Chapter One
Early September 1812
Paradise, New-York StateHot sun and abundant rain: Lily Bonner said a word of thanks for a good summer and the harvest it had given them, and in the same breath she wished her hoe to the devil and herself away.
But there was no chance of escape. Even Lily's mother, whose usual and acknowledged place was at her writing desk or in a classroom, had come to help; everyone must, this close to harvest. The women must, Lily corrected herself: the men were in the cool of the forests.
She glanced up and caught sight of her mother, all furious concentration as she moved along her row. She swung her hoe with the same easy rhythm as Many-Doves. They were an army of two marching through the tasseled rows, corn brushing shoulders and cheeks as if to thank the women for their care.
For all their lives the Mohawk women had spent the best part of every summer day in the fields tending the three sisters: corn, beans, squash. But Lily's mother had been raised in a great English manor house with servants, and she had not held a hoe in her hands--white skin, ink-stained fingers--until she was thirty. Elizabeth Middleton had come to New-York as a spinster, a teacher, a crusader; in just six months' time she had become someone very different.
Lily understood a simple truth: the day came for every woman when she must choose one kind of life or another or let someone else make the choice for her. For some the crucial moment came suddenly, without warning and when least expected; others saw it approaching, pushing up out of the ground like a weed.
It was an image that would not leave her mind, and so she had finally spoken about it to her mother, holding the idea out in open palms like the egg of an unfamiliar and exotic bird.
And how it had pleased her mother, this simple gift. She sat contemplating her folded hands for a moment, Quaker-gray eyes fixed on the horizon and a tilt to her head that meant her mind was far away, reliving some moment, recalling a phrase read last week or ten years ago. When she spoke, finally, it was not with the quotation Lily expected.
She said, "There are so many choices available to you, such riches for the taking. The very best advice I can give you is very simple. You have heard me say it in different ways, but I'll put it as simply as I can.

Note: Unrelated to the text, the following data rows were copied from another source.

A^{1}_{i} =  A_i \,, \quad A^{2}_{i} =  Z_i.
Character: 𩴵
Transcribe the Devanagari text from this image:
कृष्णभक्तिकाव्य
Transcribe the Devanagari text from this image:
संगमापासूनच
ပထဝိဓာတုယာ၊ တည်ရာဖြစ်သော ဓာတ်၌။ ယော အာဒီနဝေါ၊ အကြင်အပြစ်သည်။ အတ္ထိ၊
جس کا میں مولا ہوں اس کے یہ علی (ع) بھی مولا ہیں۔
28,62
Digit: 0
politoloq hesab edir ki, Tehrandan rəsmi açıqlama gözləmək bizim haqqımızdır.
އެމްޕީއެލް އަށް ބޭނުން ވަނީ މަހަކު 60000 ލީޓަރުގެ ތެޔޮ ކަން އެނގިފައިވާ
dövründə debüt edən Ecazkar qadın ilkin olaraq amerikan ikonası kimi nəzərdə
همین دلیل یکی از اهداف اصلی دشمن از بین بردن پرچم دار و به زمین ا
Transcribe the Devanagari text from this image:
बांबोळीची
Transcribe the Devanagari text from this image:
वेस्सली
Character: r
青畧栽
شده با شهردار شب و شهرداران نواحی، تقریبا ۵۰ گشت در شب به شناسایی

When it comes time to choose, try to favor the rational over the subjective."
At that Lily had laughed out loud, in surprise and disappointment. Who else had a mother who would say such a thing, and in such a studiously odd way? Other people were satisfied with quoting the bible and old wives' wisdoms, but Lily had a mother who preferred Kant to the Proverbs. Who made decisions with her head when she could, and was convinced that in doing so, her other needs would be satisfied.

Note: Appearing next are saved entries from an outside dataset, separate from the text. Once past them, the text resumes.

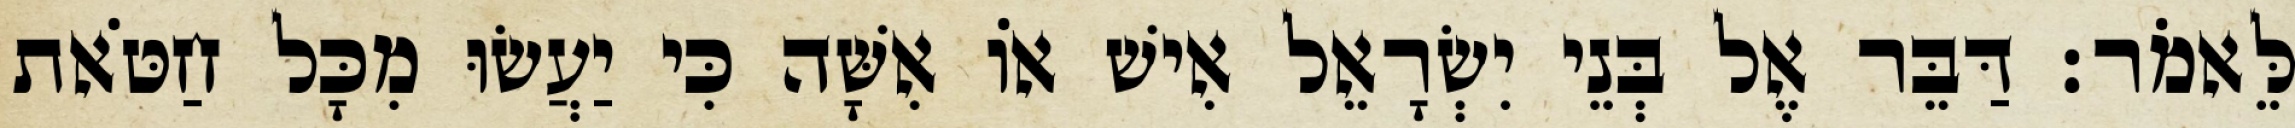
לֵּאמֹר׃ דַּבֵּר אֶל בְּנֵי יִשְׂרָאֵל אִישׁ אוֹ אִשָּׁה כִּי יַעֲשׂוּ מִכָּל חַטֹּאת
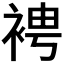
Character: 𧚗
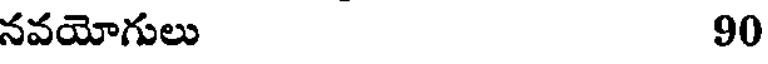
నవయోగులు 90
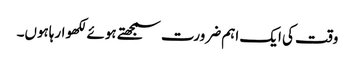
وقت کی ایک اہم ضرورت سمجھتے ہوئے لکھوارہاہوں۔
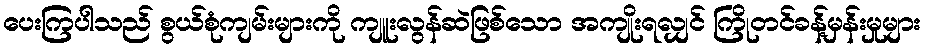
ပေးကြပါသည် စွယ်စုံကျမ်းများကို ကျူးလွန်ဆဲဖြစ်သော အကျိုးရလျှင် ကြိုတင်ခန့်မှန်းမှုများ
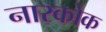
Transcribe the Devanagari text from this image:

Certainly she could point to even the most unconventional choices she had made in her life and argue that they were rational, and more than that: that she was happy with the choices she had made. As most of the other women Lily knew were happy with the lives they had.
Her cousin Kateri had chosen a husband from the Turtle clan at Good Pasture and gone with him to live among the Mohawk on the Canadian side of the St. Lawrence. It was too early yet to know how well she had chosen, or how badly. Other women misstepped and struggled mightily forever after; there were a few like that in Paradise, burning bright with the anger they must swallow day by day.
And then there was Hannah, her own sister, who had chosen to leave home and chosen well, in spite of the fact that the wars in the west had taken it all away from her. Now she was neither angry nor content but merely alive, as placid and blank as the clouds overhead and just as distant.
The war was coming closer all the time, and while they had not heard a single shot fired and none of the men had gone to join the fighting--not yet, Lily corrected herself--there were casualties. Lily counted herself among them.
Without the war she would have left two months ago for New-York City. The plan had taken a full year to finalize: she would live with her uncle and aunt Spencer in their fine house on Whitehall Street and study art with the teachers they had found for her. In time, when she had advanced far enough, she would travel with them to Europe where she could study the work of the great artists.
But all of that had come to a sudden end, because men must fight and to do that they started wars. Her own brother was infected with that need, her twin brother. The strangeness of it never faded.
Many-Doves was telling a story. Lily's mother laughed in response, a gentle hiccupping laughter that meant she was embarrassed. All these years living among the plain-speaking Kahnyen'kehoka women, but her mother still blushed and laughed like a proper young English lady when the talk turned to men and women and the things they were to each other.
This is the life my mother chose. Lily repeated this sentence to herself often, and every time she was overcome with admiration and resentment in equal measure.
When Many-Doves decided the time was right they put down the hoes to eat in the shade of the birch trees. Lily filled empty gourds with water from the stream and they unwrapped a parcel of cornbread and boiled eggs and peppery radishes plucked this morning from the kitchen garden, still trailing clots of damp earth. Lily listened for a while as they talked about the coming harvest and the day's work.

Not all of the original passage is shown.